* EXERCISE AIM: Using the entries that follow, state how many lines contain the word "foregoing". The response is that number and nothing more.

* THE RECORDS:
^^^^

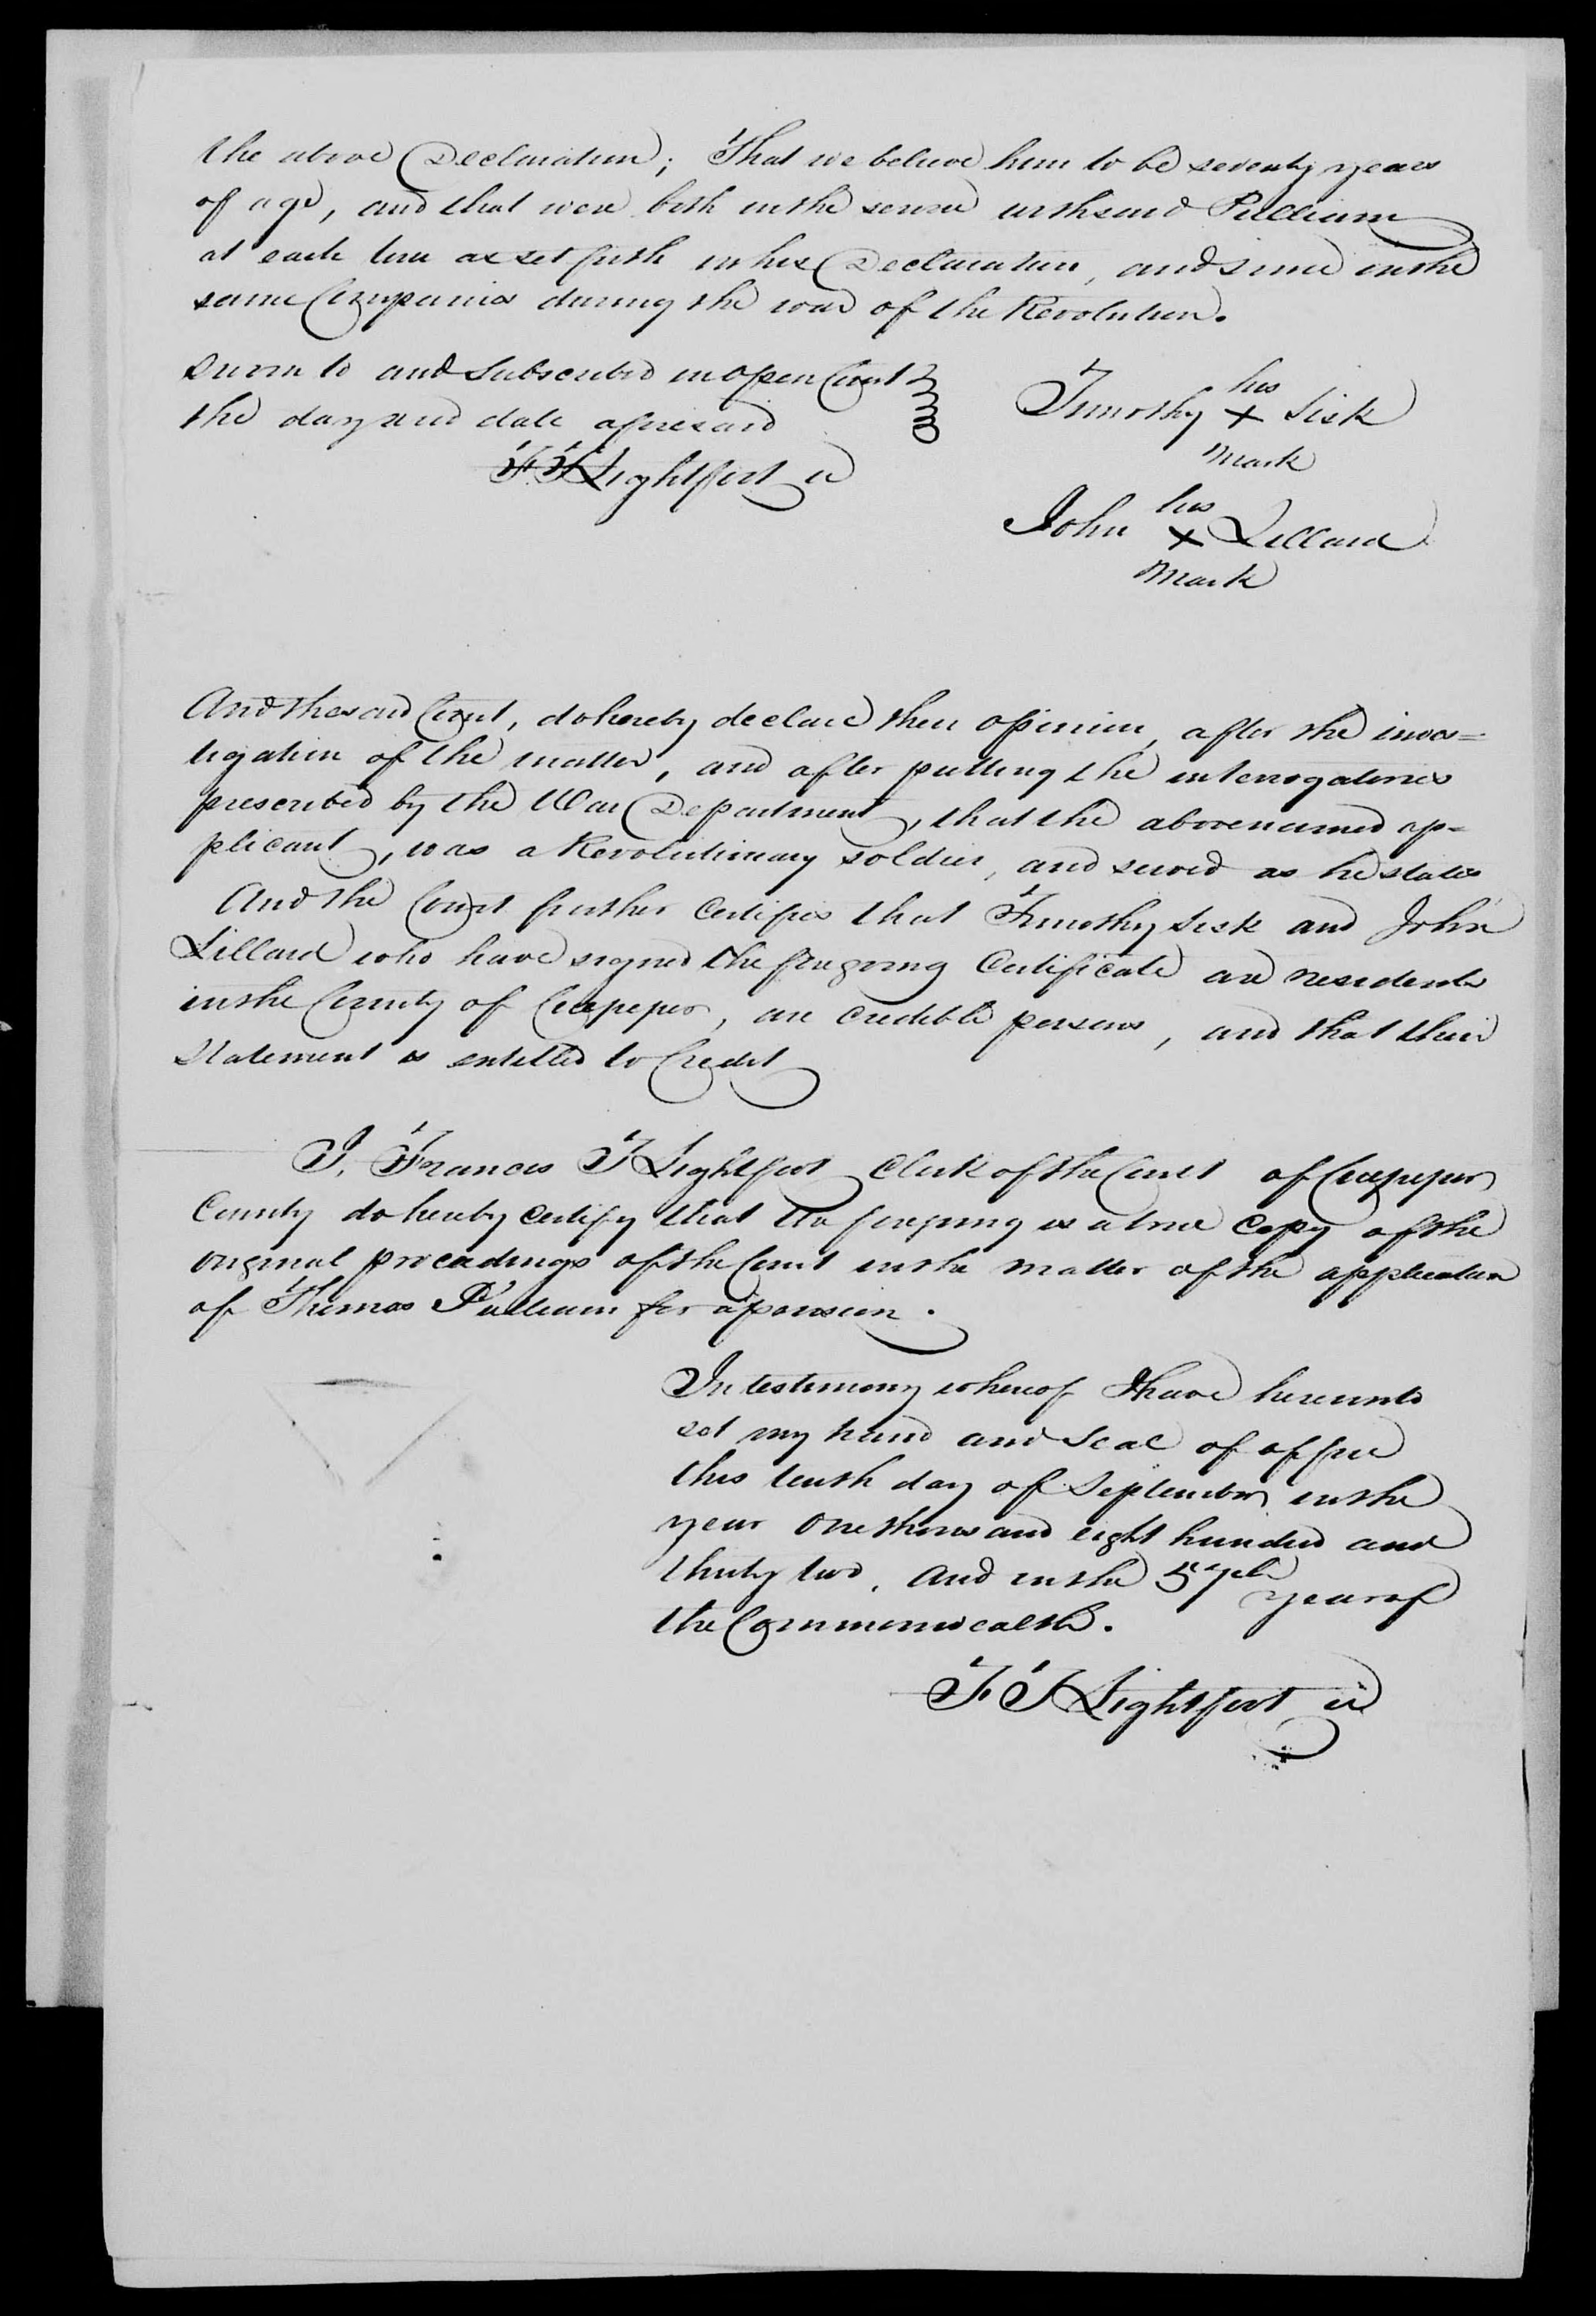the above Declaration; That we believe him to be seventy years
of age, and that were both in the service with said William
at each time as set forth in his Declaration and served in the same
Companies during the war of the Revolution.
Timothy X his mark Sisk
John X his mark Lillard
Sworn to and subscribed in open Court
the day and date aforesaid
F. T Lightfoot

And the said Court, do hereby declare the opinion after the 
investigation of the matter, and after putting the interrogations
prescribed by the War Department, that the above named 
applicant was a Revolutionary soldier, and served as he states
and the Court further certifies that Timothy Sisk and John
Lillard who have signed the foregoing certificate are residents
in the County of Culpeper, are credible persons, and that their
Statement is entitled to Credit

I, Francis T Lightfoot Clerk of the Court of Culpeper
County do hereby certify that the foregoing is a true copy of the
original proceedings of the Court in the matter of the application
of Thomas Pulliam for a pension.
In testimony whereof I have hereunto
set my hand and seal of office
this tenth day of September in the
year one thousand eight hundred and
thirty two, and in the 57th year of
the Commonwealth
FT Lightfoot in

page: 5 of 27
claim: survivor's
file: S. 5,955, for Thomas Pulliam, Virginia

^^^^

* EXERCISE ANSWER: 2